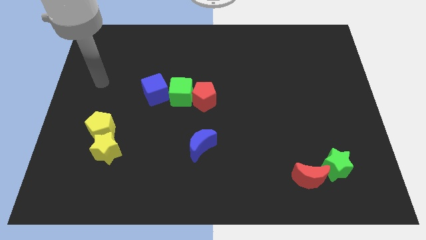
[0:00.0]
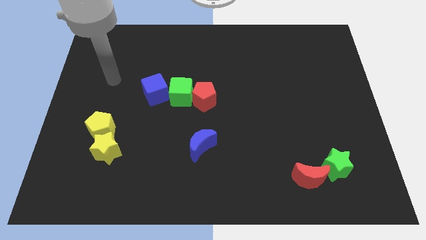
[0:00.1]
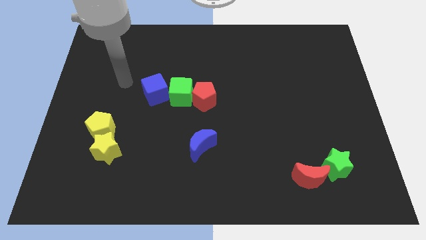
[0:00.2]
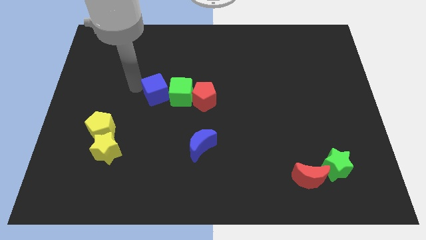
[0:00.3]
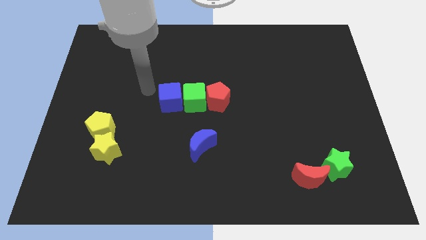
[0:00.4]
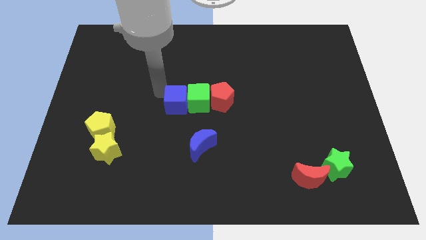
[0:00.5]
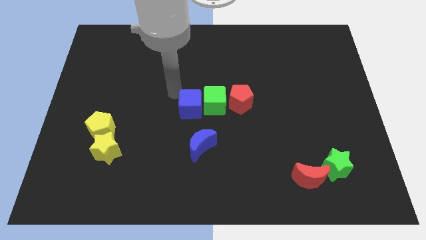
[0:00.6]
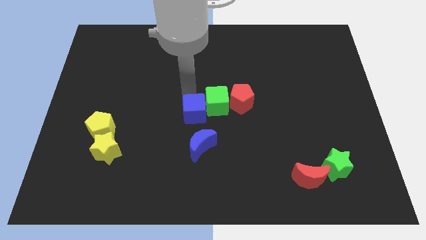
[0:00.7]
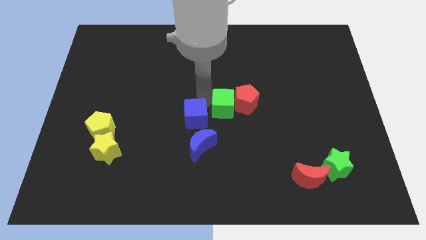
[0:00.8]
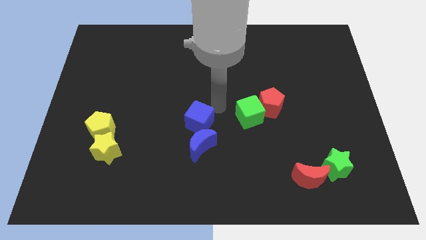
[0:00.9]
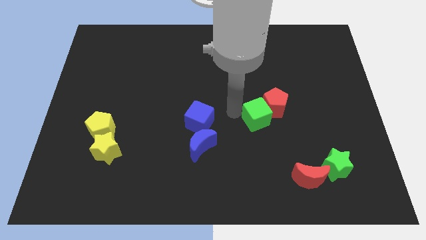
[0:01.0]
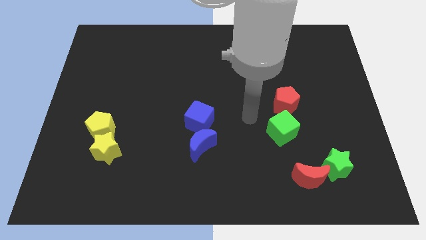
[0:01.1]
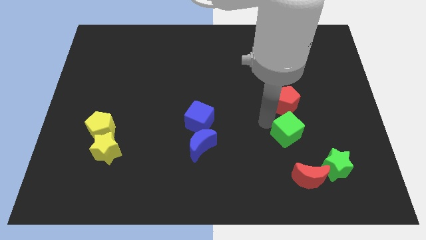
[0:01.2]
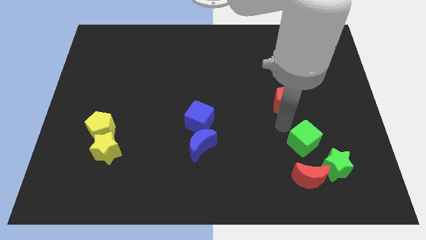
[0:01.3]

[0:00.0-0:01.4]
separate the red pentagon from the green cube

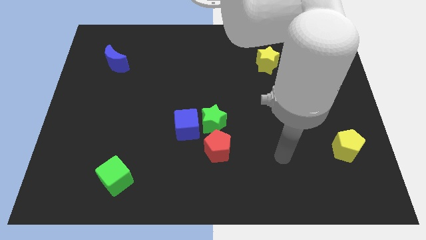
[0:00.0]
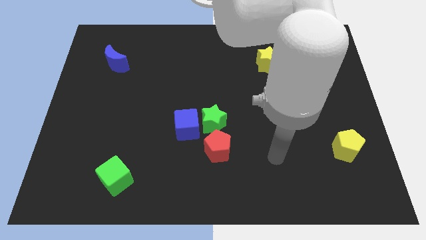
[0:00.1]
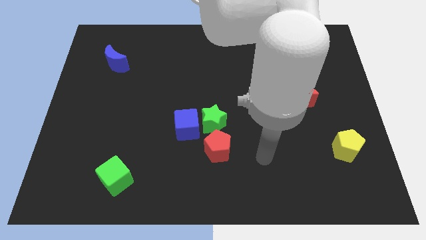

### WORK INSTRUCTION
The pictures are to be omitted, and the rest of the listing is to be transcribed exactly.

### TASK OUTPUT
[0:00.0]
[0:00.1]
[0:00.2]
[0:00.3]
[0:00.4]
[0:00.5]
[0:00.6]
[0:00.7]
[0:00.8]
[0:00.9]
[0:01.0]
[0:01.1]
[0:01.2]
[0:01.3]

[0:00.0-0:01.4]
separate the red pentagon from the green cube

[0:00.0]
[0:00.1]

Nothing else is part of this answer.